-------- Records to use --------

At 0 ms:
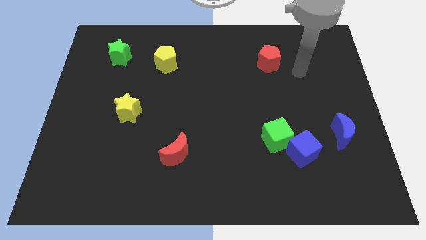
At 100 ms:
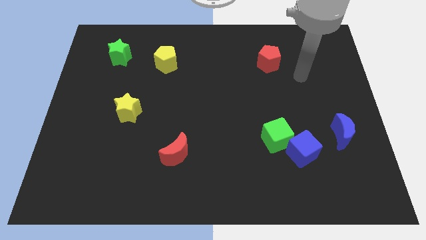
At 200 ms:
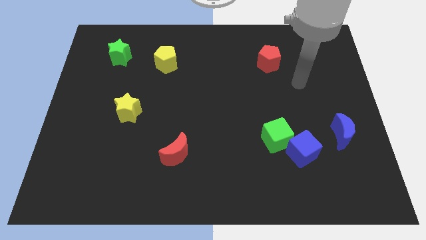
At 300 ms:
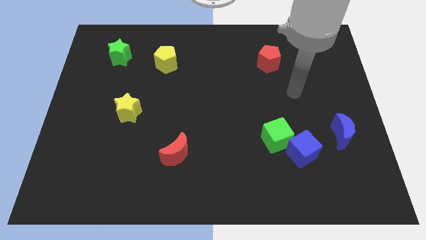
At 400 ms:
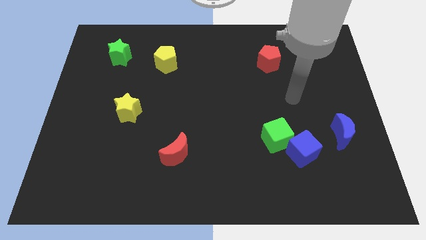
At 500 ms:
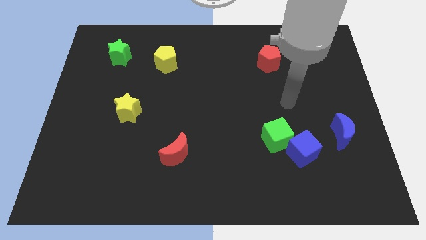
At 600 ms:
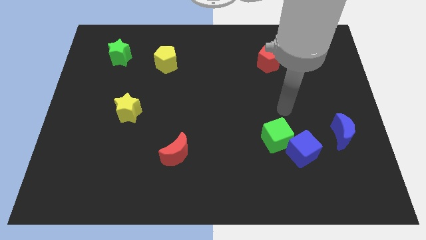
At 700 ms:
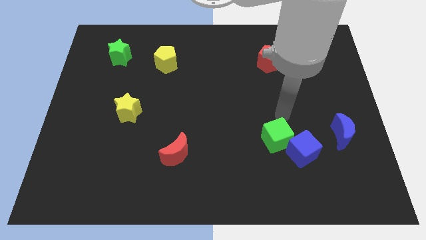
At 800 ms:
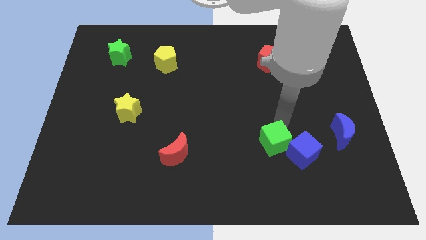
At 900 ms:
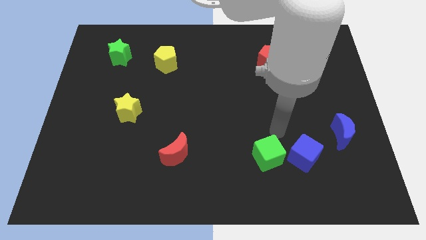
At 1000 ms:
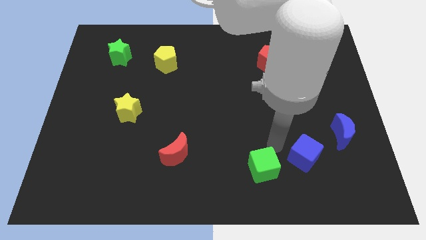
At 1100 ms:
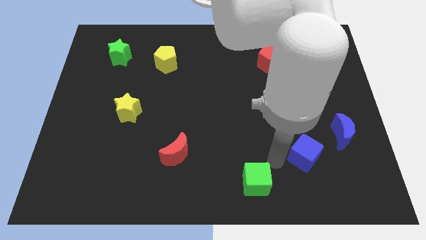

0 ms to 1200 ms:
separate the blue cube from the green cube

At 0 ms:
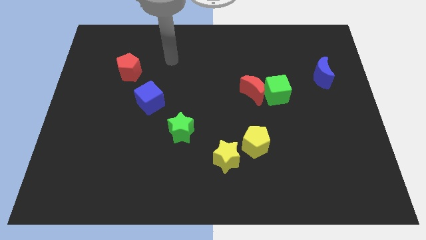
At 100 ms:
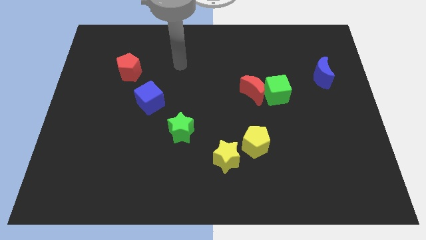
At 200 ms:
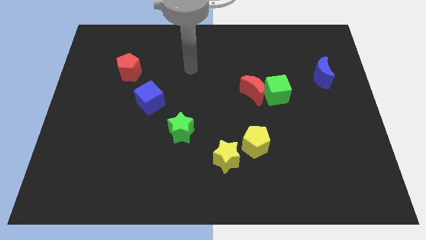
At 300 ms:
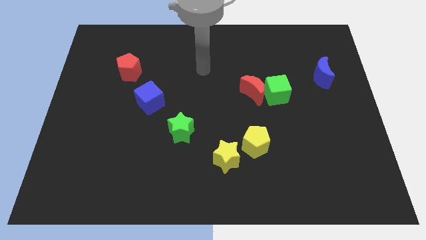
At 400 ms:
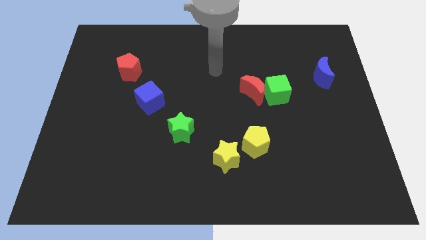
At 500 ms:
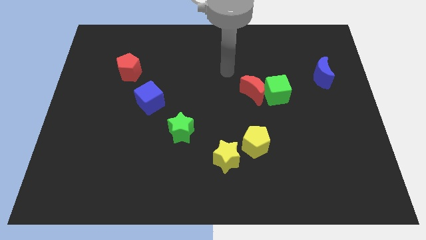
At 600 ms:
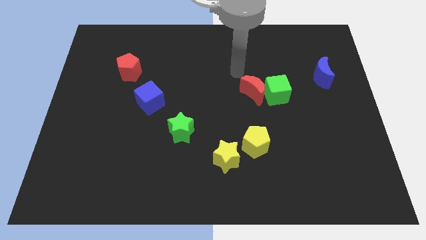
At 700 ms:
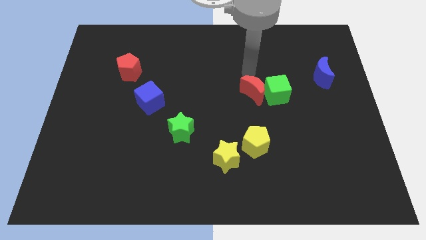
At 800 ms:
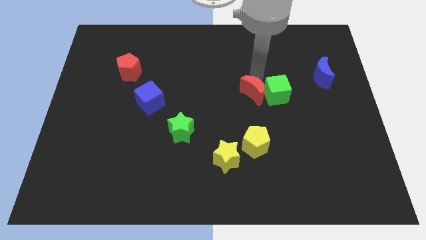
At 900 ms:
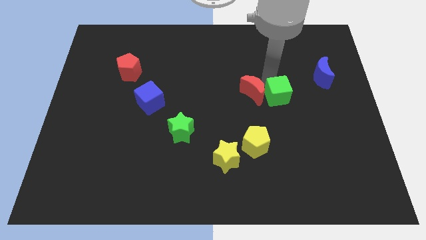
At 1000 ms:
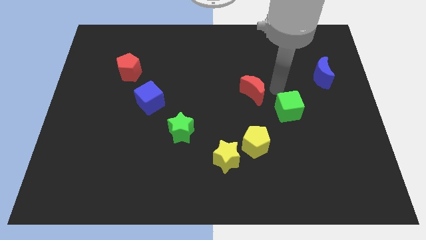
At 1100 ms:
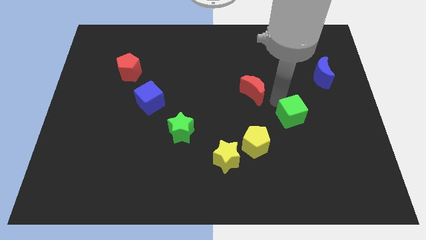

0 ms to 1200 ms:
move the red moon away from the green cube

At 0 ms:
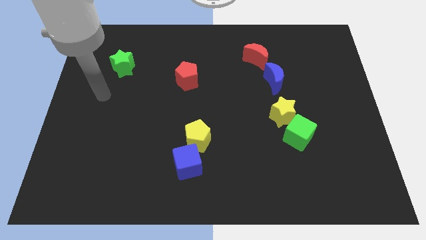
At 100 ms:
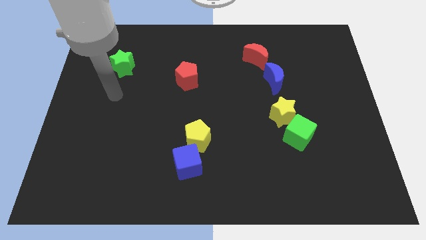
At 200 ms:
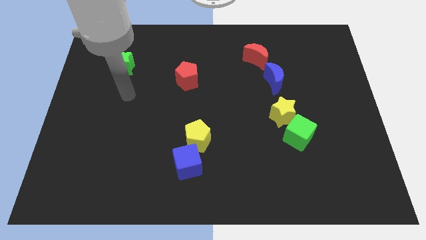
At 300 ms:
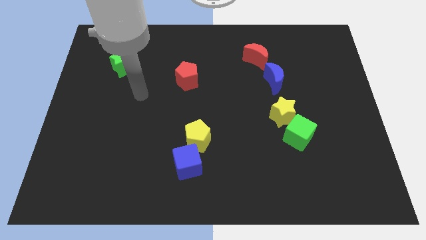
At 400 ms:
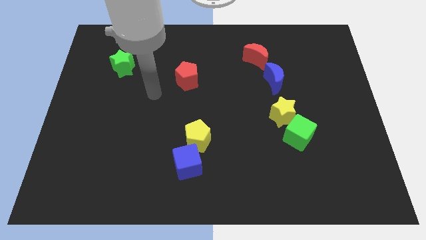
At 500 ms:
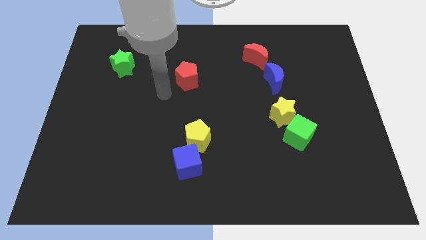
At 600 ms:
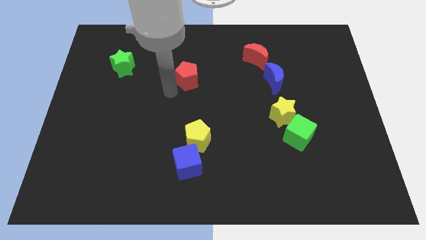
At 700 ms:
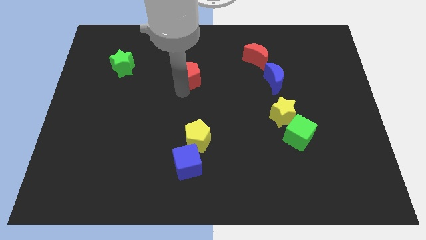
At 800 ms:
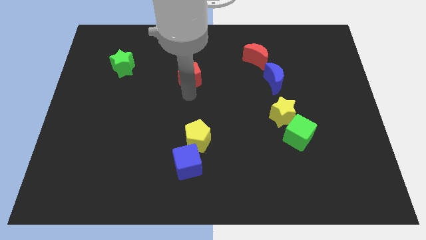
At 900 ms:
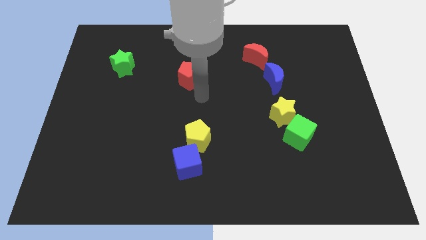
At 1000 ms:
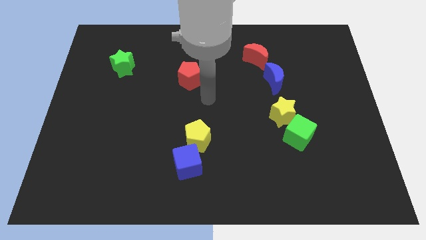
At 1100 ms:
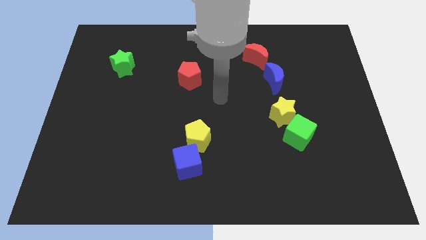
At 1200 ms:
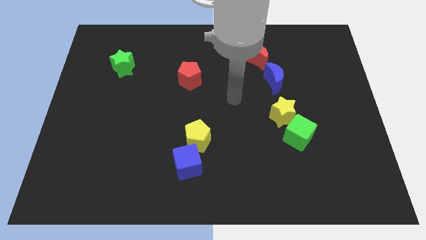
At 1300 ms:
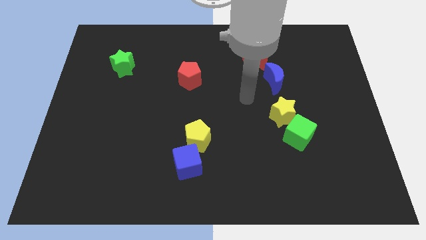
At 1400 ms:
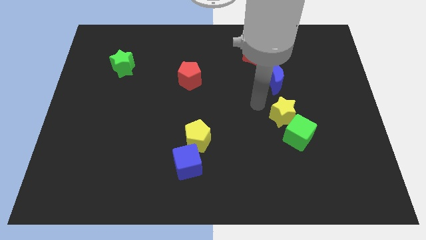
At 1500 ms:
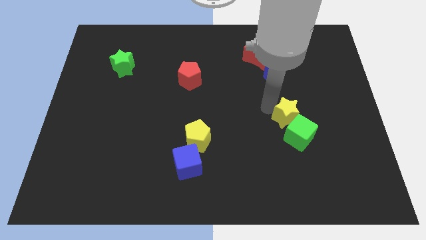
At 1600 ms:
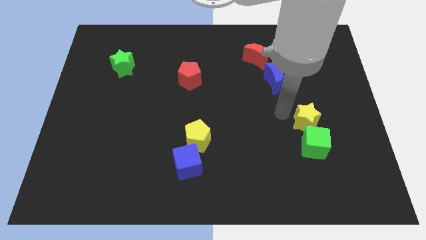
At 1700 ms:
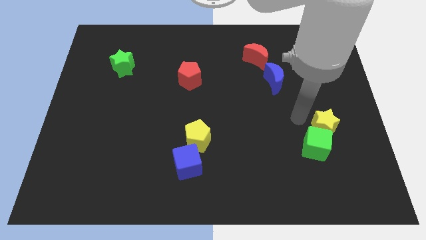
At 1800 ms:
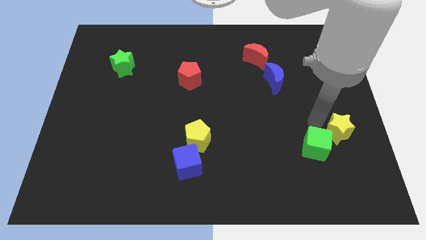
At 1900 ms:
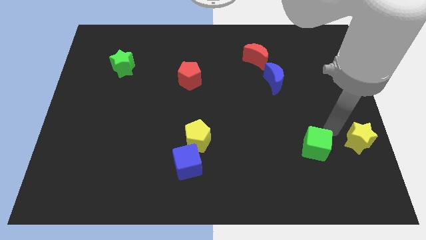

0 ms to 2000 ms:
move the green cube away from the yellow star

--------

__What you should do__.
Take the entries above and restate them word for word, minus their images.

__Written reply__.
At 0 ms:
At 100 ms:
At 200 ms:
At 300 ms:
At 400 ms:
At 500 ms:
At 600 ms:
At 700 ms:
At 800 ms:
At 900 ms:
At 1000 ms:
At 1100 ms:

0 ms to 1200 ms:
separate the blue cube from the green cube

At 0 ms:
At 100 ms:
At 200 ms:
At 300 ms:
At 400 ms:
At 500 ms:
At 600 ms:
At 700 ms:
At 800 ms:
At 900 ms:
At 1000 ms:
At 1100 ms:

0 ms to 1200 ms:
move the red moon away from the green cube

At 0 ms:
At 100 ms:
At 200 ms:
At 300 ms:
At 400 ms:
At 500 ms:
At 600 ms:
At 700 ms:
At 800 ms:
At 900 ms:
At 1000 ms:
At 1100 ms:
At 1200 ms:
At 1300 ms:
At 1400 ms:
At 1500 ms:
At 1600 ms:
At 1700 ms:
At 1800 ms:
At 1900 ms:

0 ms to 2000 ms:
move the green cube away from the yellow star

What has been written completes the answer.